As cidades e o Ano Novo

Por Vicente Loureiro*

O que poderia ser uma auspiciosa mensagem de Ano Novo para boa parte das cidades brasileiras? O que lhes desejar de essencial que possa ser feito de fato e tenha o poder de mudar o rumo das suas vidas já em 2022? Como convencê-las da chegada de novos tempos, se os do presente e passado recente foram tão prejudicados por uma degradação urbanística e ambiental visível e aparentemente incontrolável? O que seria factível esperar delas no futuro próximo?

Em primeiro lugar, fazendo votos que elas deixem de ter tanta gente sem casa e que a redução da falta de moradia possa ser paulatina e ininterrupta. Objetivamente: que elas deixem de gerar excluídos com a oferta regular e constante de moradias sociais acessíveis e adequadas. Difícil, mas não impossível.

Que as ações de suas políticas de desenvolvimento urbano estejam focadas nos mais vulneráveis. Procurando atender de modo universalizado, sem deixar ninguém para trás, as necessidades de morar, usufruir e circular nas cidades e fazendo com que a reprodução da vida urbana se dê modo mais justo e inclusivo. Seguindo o mote de incluir para melhorar.

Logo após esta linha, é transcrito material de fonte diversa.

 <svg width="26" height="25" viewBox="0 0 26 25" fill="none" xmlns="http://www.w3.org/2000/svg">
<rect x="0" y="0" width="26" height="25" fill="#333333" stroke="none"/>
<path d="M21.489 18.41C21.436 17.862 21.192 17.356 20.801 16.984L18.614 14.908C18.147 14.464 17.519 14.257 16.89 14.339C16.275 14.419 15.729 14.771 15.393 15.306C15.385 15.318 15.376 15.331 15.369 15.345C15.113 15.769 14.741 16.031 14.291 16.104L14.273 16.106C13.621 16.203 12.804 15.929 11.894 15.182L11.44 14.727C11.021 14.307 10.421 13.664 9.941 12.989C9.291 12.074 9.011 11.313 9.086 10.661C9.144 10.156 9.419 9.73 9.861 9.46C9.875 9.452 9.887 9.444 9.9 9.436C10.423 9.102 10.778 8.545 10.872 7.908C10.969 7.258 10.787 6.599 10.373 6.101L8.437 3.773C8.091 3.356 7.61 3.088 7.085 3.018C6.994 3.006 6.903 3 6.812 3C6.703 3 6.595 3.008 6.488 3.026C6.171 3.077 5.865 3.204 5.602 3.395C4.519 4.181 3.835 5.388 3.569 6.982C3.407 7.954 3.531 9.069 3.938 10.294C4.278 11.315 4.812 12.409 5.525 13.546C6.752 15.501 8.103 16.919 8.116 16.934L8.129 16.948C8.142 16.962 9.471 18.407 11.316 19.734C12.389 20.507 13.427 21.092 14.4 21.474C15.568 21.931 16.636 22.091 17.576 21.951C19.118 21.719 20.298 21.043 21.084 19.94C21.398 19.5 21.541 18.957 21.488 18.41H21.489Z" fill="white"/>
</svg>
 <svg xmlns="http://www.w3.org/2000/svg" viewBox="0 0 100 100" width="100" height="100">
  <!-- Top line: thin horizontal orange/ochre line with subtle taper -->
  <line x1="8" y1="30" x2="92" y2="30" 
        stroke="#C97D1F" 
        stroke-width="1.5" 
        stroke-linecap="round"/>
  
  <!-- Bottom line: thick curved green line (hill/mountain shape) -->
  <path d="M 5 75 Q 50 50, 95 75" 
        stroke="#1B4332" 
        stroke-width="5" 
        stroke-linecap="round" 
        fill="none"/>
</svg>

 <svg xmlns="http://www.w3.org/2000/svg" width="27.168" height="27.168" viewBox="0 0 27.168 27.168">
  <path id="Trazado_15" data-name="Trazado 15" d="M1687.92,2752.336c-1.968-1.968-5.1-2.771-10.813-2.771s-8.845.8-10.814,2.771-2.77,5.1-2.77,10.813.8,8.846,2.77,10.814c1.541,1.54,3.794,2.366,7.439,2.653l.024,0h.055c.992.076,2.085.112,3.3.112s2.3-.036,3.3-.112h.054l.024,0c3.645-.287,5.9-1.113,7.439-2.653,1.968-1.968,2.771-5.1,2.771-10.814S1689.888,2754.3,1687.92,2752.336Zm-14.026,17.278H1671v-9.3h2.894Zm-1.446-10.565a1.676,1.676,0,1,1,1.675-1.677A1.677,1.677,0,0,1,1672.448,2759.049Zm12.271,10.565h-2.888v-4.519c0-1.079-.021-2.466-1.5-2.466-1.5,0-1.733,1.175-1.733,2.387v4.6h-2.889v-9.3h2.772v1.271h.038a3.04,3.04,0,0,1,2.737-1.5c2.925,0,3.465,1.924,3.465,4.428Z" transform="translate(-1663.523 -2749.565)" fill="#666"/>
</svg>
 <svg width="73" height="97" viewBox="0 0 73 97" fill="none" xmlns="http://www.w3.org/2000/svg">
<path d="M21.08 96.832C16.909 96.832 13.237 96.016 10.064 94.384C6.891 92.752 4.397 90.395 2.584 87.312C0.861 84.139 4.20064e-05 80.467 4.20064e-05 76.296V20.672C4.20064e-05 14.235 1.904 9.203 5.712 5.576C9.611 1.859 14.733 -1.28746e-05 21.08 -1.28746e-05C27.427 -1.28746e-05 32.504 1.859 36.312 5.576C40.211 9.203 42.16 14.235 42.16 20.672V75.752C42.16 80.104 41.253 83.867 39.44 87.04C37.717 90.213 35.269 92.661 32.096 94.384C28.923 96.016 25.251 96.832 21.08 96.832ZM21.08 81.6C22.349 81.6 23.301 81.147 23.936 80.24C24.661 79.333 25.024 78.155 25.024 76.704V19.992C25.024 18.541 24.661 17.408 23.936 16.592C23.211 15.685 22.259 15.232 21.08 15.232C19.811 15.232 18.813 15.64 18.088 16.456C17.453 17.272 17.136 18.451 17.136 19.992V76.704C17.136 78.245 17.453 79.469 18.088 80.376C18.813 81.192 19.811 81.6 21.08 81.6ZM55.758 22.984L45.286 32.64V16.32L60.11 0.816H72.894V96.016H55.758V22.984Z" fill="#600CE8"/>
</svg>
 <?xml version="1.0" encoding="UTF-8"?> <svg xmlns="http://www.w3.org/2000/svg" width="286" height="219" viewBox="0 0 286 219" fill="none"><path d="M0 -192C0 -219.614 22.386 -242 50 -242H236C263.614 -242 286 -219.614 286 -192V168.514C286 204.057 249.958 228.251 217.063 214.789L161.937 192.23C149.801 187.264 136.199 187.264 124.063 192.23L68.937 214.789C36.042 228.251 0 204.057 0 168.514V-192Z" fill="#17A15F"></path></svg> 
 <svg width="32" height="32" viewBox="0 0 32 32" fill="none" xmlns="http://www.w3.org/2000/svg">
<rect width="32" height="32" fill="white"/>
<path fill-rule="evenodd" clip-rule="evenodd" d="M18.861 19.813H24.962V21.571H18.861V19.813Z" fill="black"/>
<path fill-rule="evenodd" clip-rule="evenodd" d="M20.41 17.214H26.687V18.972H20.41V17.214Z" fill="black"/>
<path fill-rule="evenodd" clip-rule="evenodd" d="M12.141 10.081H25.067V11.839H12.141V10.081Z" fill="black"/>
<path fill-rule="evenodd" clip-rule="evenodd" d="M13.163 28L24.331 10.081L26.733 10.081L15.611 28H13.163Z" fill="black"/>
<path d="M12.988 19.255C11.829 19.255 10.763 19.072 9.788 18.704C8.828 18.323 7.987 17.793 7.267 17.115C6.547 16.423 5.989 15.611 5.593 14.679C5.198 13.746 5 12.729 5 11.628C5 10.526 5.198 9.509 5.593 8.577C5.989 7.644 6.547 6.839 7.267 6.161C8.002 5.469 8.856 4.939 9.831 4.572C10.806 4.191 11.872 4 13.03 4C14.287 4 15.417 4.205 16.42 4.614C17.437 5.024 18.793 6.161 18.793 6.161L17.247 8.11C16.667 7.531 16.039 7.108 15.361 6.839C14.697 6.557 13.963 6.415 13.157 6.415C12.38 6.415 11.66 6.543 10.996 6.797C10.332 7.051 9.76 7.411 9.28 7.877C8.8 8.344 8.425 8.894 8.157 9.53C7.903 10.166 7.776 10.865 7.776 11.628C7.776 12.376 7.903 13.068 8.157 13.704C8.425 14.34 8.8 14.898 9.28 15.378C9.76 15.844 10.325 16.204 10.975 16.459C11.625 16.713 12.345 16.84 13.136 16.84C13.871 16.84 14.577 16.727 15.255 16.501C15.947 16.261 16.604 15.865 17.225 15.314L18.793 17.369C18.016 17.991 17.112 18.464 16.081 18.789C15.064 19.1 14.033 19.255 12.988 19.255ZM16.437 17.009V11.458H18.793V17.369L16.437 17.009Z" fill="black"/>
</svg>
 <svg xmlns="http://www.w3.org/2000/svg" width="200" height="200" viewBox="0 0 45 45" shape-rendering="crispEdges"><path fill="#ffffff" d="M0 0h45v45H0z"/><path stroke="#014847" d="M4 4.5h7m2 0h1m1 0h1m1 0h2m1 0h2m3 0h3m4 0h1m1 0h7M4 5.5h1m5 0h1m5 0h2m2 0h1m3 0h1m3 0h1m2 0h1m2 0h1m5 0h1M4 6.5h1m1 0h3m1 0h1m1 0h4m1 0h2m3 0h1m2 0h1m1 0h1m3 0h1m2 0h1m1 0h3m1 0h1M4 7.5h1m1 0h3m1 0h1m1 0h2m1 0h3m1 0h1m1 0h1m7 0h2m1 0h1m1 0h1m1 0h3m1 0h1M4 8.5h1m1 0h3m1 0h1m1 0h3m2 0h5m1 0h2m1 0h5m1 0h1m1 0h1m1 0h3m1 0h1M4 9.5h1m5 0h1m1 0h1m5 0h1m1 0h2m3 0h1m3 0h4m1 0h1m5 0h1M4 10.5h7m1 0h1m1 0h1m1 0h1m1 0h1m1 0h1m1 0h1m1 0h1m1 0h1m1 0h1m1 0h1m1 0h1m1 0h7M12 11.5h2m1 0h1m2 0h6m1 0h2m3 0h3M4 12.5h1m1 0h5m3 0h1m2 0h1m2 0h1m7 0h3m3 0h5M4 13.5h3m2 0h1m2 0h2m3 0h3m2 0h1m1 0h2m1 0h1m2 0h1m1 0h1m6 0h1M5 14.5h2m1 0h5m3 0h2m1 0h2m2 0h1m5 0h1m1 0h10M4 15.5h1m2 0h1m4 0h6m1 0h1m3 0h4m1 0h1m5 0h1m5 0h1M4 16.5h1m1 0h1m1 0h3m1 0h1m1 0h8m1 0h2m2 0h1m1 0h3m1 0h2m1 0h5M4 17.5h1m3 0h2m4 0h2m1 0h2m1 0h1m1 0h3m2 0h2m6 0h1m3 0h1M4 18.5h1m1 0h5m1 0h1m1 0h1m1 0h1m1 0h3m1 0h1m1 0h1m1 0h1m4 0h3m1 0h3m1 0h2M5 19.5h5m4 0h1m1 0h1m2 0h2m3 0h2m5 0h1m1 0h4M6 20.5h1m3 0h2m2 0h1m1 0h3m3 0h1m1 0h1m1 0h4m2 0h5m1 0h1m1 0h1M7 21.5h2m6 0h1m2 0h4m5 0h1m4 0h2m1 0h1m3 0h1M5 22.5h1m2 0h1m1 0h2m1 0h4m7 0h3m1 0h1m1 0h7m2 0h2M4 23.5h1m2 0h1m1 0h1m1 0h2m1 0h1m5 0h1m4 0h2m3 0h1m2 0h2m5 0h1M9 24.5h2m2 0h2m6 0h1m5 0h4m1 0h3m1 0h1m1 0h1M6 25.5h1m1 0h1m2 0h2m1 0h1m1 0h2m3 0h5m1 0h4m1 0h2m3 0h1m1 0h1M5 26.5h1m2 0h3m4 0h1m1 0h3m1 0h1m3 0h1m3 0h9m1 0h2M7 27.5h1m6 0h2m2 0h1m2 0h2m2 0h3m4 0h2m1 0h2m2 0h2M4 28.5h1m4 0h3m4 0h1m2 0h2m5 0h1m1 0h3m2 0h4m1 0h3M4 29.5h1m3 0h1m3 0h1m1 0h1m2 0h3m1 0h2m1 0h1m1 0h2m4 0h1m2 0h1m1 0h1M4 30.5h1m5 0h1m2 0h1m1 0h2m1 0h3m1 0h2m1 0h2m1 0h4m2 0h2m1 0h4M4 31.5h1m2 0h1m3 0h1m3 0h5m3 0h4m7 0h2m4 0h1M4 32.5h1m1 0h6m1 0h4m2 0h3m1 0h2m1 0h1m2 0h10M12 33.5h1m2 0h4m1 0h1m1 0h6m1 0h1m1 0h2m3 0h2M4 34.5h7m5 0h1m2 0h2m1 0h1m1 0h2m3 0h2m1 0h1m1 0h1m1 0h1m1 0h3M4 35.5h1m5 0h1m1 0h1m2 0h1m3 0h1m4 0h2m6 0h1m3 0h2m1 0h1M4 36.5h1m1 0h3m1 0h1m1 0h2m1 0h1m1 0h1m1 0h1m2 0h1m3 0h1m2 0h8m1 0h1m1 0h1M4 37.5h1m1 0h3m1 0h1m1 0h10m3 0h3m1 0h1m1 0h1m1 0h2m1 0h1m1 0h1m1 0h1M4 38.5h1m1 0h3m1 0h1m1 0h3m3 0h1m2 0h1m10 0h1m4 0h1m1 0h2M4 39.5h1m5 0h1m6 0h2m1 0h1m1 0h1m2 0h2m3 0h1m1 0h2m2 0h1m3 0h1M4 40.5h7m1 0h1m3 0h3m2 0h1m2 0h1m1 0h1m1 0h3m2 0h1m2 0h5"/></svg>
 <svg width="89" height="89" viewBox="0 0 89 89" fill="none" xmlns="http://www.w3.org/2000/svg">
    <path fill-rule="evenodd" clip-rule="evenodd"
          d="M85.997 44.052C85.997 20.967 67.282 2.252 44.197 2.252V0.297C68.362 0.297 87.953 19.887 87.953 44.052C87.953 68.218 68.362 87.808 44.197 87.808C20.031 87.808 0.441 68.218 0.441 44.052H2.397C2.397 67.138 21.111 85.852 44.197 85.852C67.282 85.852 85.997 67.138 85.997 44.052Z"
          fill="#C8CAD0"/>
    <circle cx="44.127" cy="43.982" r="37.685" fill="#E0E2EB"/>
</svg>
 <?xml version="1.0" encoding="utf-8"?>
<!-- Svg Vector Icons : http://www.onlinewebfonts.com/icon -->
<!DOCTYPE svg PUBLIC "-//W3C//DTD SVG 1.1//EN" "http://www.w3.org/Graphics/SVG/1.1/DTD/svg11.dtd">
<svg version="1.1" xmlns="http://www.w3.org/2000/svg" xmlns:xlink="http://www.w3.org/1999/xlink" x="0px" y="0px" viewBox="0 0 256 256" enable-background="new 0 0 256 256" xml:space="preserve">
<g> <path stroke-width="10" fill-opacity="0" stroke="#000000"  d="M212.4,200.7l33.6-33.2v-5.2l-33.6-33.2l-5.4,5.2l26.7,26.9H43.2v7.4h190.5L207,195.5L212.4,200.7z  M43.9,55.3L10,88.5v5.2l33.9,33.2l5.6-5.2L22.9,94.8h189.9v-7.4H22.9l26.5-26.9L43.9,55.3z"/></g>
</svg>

Que consigam conter a expansão de seus territórios, reduzindo o espraiamento e precarização de suas periferias e a favelização de áreas ambientalmente sensíveis ou expostas à riscos. Não enfrentarem de frente este problema significa afiançar a degradação urbanística, social e ambiental da cidade como um todo. É desafiante, mas inadiável.

Integrar esforços das políticas setoriais visando promover uma reprodução da vida humana cada vez mais saudável e sustentável. Mudando o rumo das intervenções para enfrentarem as causas do modelo de urbanização tão desigual e não seus danoso e conhecidos efeitos. Acolher para não seguir excluindo.

Mas, para que tais votos de um bem-aventurado Ano Novo tragam dias melhores para as cidades é indispensável que elas assumam o protagonismo da política habitacional. Espelhando-se, se possível, no modelo do SUS, onde a gestão dos recursos é tripartite, mas a produtividade dos governos locais é responsável pela definição das metas e da alavancagem dos recursos. Quem deve, cumpridos certos requisitos, procurar bater metas de oferta de moradias são as cidades, não os agentes financeiros. Estimular as cidades, não as tutelar.

Por fim, não se pode esquecer que 2022 é ano de eleições para os governos federal e estaduais. Já é passada a hora das cidades merecerem dos candidatos propostas mais condizentes e proporcionais a responsabilidade a elas delegada de abrigar e prover a vida de mais de dois terços dos brasileiros. O futuro da nossa gente, inclusive o da democracia, passa pelo fortalecimento das cidades. Nelas moram nossos principais problemas. Residem nelas também as possíveis soluções. Então, que 2022 seja mais das cidades e menos de Brasília. Feliz Ano Novo.